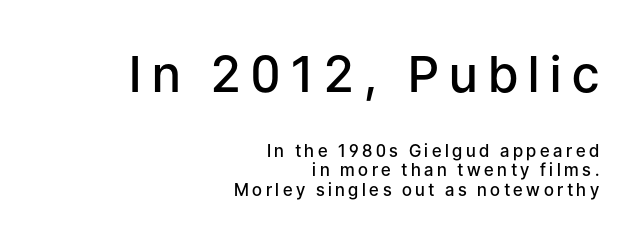
{"serif": "no", "italic": "no", "bold": "semi", "weight": "semibold", "width": "normal", "stroke_contrast": "low", "x_height": "medium", "monospaced": "no", "underline": "no", "align": "right", "line_spacing": "tight", "line_spacing_ratio": 1.14, "letter_spacing": "wide", "letter_spacing_em": 0.21, "larger_block": "first", "size_ratio": 2.94, "glyph_px": 50}
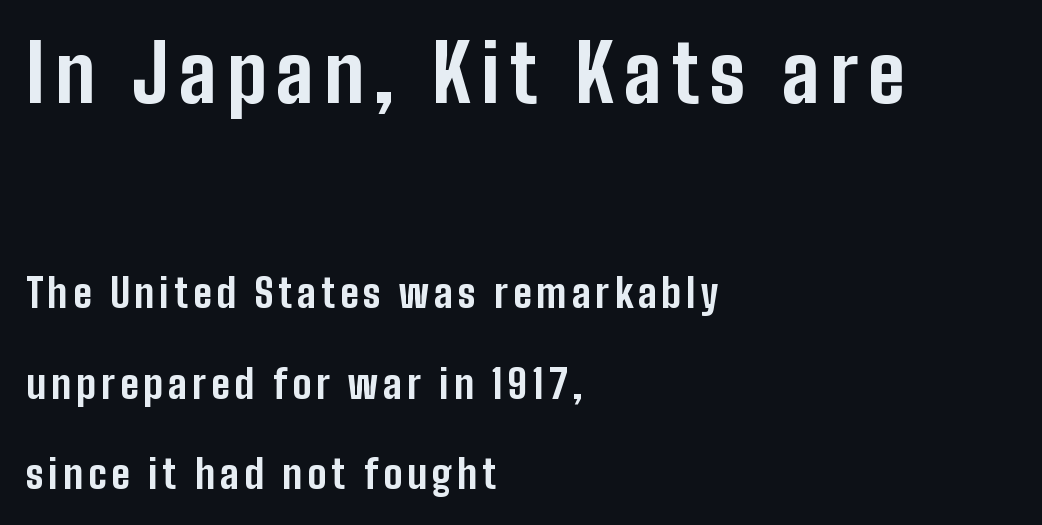
The glyphs in this specimen are sans serif. The designer gave the opening block more size than the closing block. Notice how thick the strokes are: this is what a full bold looks like. This sample has the flowing, uneven cadence of proportional lettering.
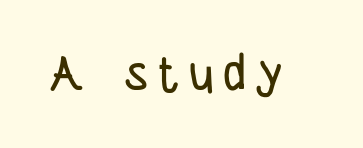
Nothing sits at the stroke ends, so this counts as sans-serif. Bare-footed words on every line. It's the straight-up-and-down kind of type. Proportional: the letters do not fall into vertical columns.
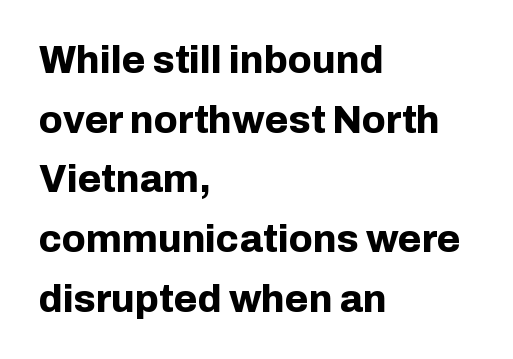
A normal amount of white space separates one row of letters from the next. Rendered with straight, roman letterforms. The passage shown is not underscored anywhere. No feet cap the strokes, marking this as sans-serif type. Spacing between characters is what you'd get straight out of the box. A student would call this left alignment; a typographer would say flush left, rag right.
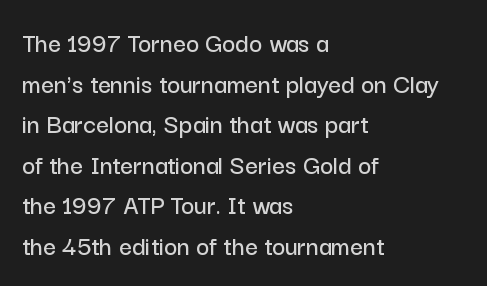
The rendering uses natural spacing where letterforms have individual widths. These lines were composed using upright roman letters. Observe the ordinary spacing: letters are neighbours, not strangers. The block of text has a typical density, with ordinary space between rows. Unlike a traditional serif, this face leaves its strokes unadorned. Honestly, there is no underline to notice here at all.
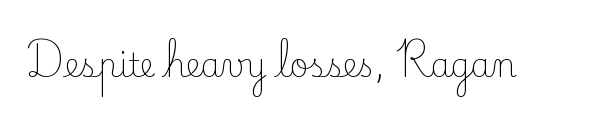
{"serif": "yes", "italic": "no", "bold": "no", "weight": "light", "width": "normal", "stroke_contrast": "low", "x_height": "small", "monospaced": "no", "underline": "no", "letter_spacing": "normal", "letter_spacing_em": 0.0, "glyph_px": 32}
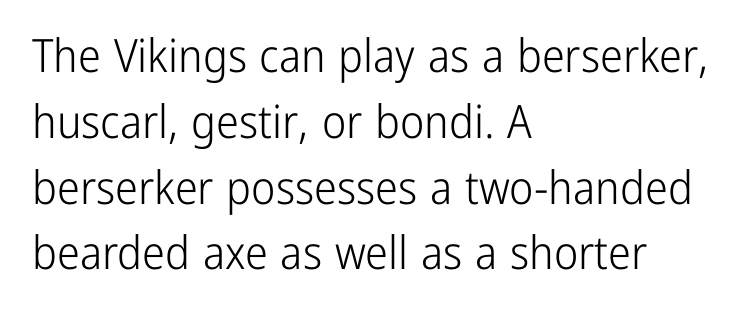
A student would call this left alignment; a typographer would say flush left, rag right. Rows of type keep a routine distance in the vertical direction. Lines of text with bare space underneath. Is this a heavy cut? Hardly; it is regular or lighter.
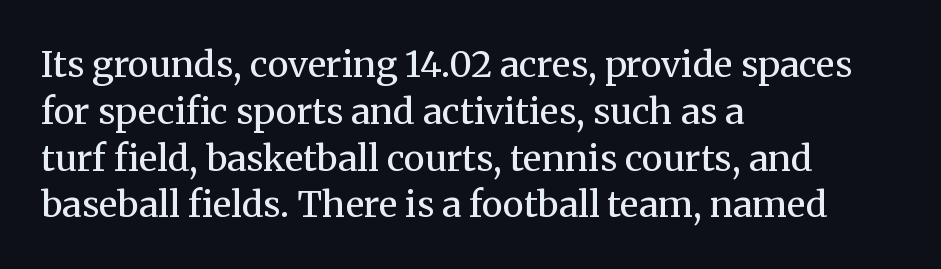
{"serif": "yes", "italic": "no", "bold": "no", "weight": "regular", "width": "normal", "stroke_contrast": "medium", "x_height": "medium", "monospaced": "no", "underline": "no", "align": "left", "line_spacing": "normal", "line_spacing_ratio": 1.3, "letter_spacing": "normal", "letter_spacing_em": 0.0, "glyph_px": 36}
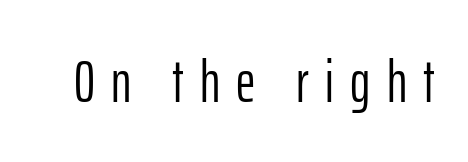
Ordinary non-slanted type is in use. Each row of text sits above clean, open space. The font sits on the lighter half of the weight spectrum, regular included. There is plenty of visible air inserted between adjacent glyphs. Spacing verdict: proportional, widths tailored to each character. The font family rendered here belongs to the sans-serif group.
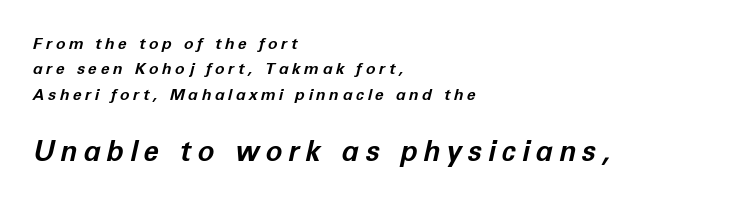
The image shows 28 px bold type, italic (leaning right); set left-aligned, normal line spacing (1.59x), unusually wide letter spacing (+0.22 em), not underlined; the second (bottom) block is 1.75x larger; low stroke contrast and a medium x-height.
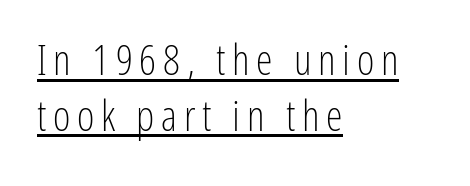
{"serif": "no", "italic": "no", "bold": "no", "weight": "light", "width": "condensed", "stroke_contrast": "low", "x_height": "medium", "monospaced": "no", "underline": "yes", "align": "left", "line_spacing": "normal", "line_spacing_ratio": 1.33, "glyph_px": 42}
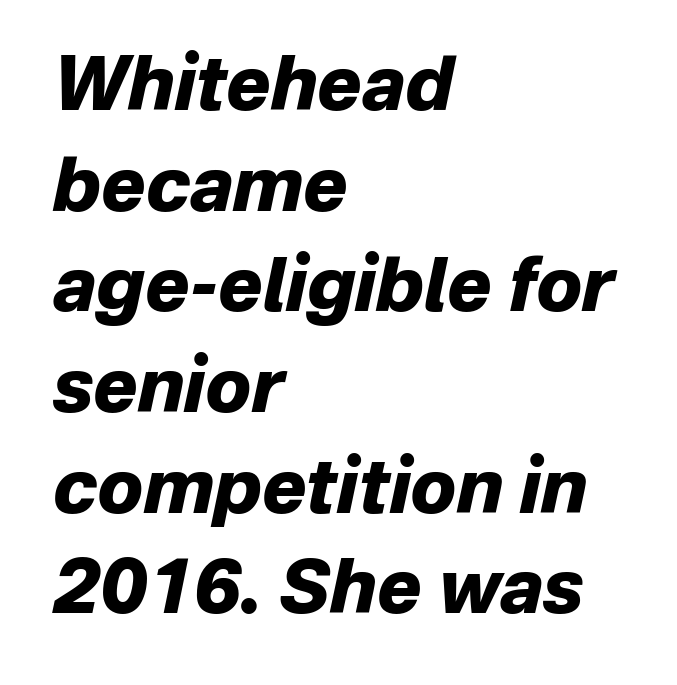
{"italic": "yes", "lean": "right", "slant_degrees": 12, "bold": "yes", "weight": "heavy", "width": "normal", "stroke_contrast": "low", "x_height": "medium", "monospaced": "no", "underline": "no", "align": "left", "line_spacing": "normal", "line_spacing_ratio": 1.36, "letter_spacing": "normal", "letter_spacing_em": 0.0, "glyph_px": 74}
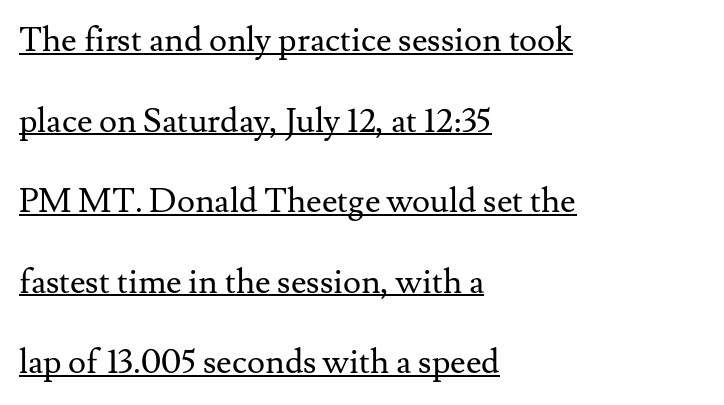
Q: Is the text bold? A: No.
Q: Is the text italic (slanted)? A: No, it is upright.
Q: Is the typeface a serif or a sans-serif typeface? A: Serif.
Q: Is the text underlined? A: Yes.
Q: How is the paragraph aligned? A: Left-aligned.
Q: Is the spacing between letters normal or unusually wide? A: Normal.
Q: Is the spacing between lines tight, normal or loose? A: Loose.
Q: Width (condensed, normal, or wide)? A: Normal.
Q: Stroke contrast? A: Medium.
Q: x-height? A: Small.
Q: Monospaced? A: No.
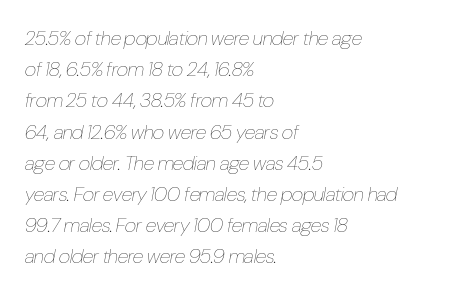
Q: Is the text bold? A: No.
Q: Is the text italic (slanted)? A: Yes, it leans right by about 10 degrees.
Q: Is the text underlined? A: No.
Q: How is the paragraph aligned? A: Left-aligned.
Q: Is the spacing between letters normal or unusually wide? A: Normal.
Q: Is the spacing between lines tight, normal or loose? A: Normal.
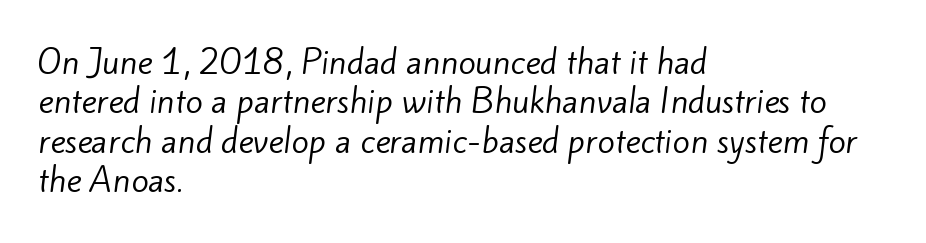
In terms of letterform style, serifs are entirely absent. This rendering features lettering with no underline. The rag falls on the right side of this text block. The letters advance in unequal steps, a hallmark of proportional type.
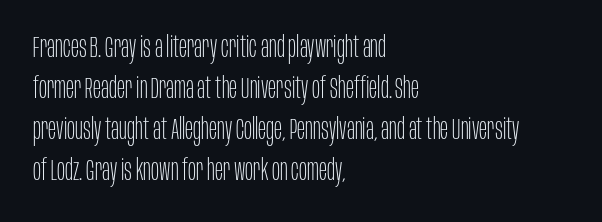
Compared with a typical body face, this is equally light or lighter still. Think of a printed novel: that variable character pitch is what you see here. The letterforms sit shoulder to shoulder at normal distance. The words here are not underlined.
= = = = = = =
▶ _WHAT THE TASK REQUIRES_:
Return each line of the material in which the string "slanted" can be found.

▶ _THE COMPLETED TASK_:
Ordinary non-slanted type is in use. Each row of text sits above clean, open space. The font sits on the lighter half of the weight spectrum, regular included. There is plenty of visible air inserted between adjacent glyphs. Spacing verdict: proportional, widths tailored to each character. The font family rendered here belongs to the sans-serif group.
Q: Is the text italic (slanted)? A: No, it is upright.
Q: Is the text italic (slanted)? A: Yes, it leans right by about 10 degrees.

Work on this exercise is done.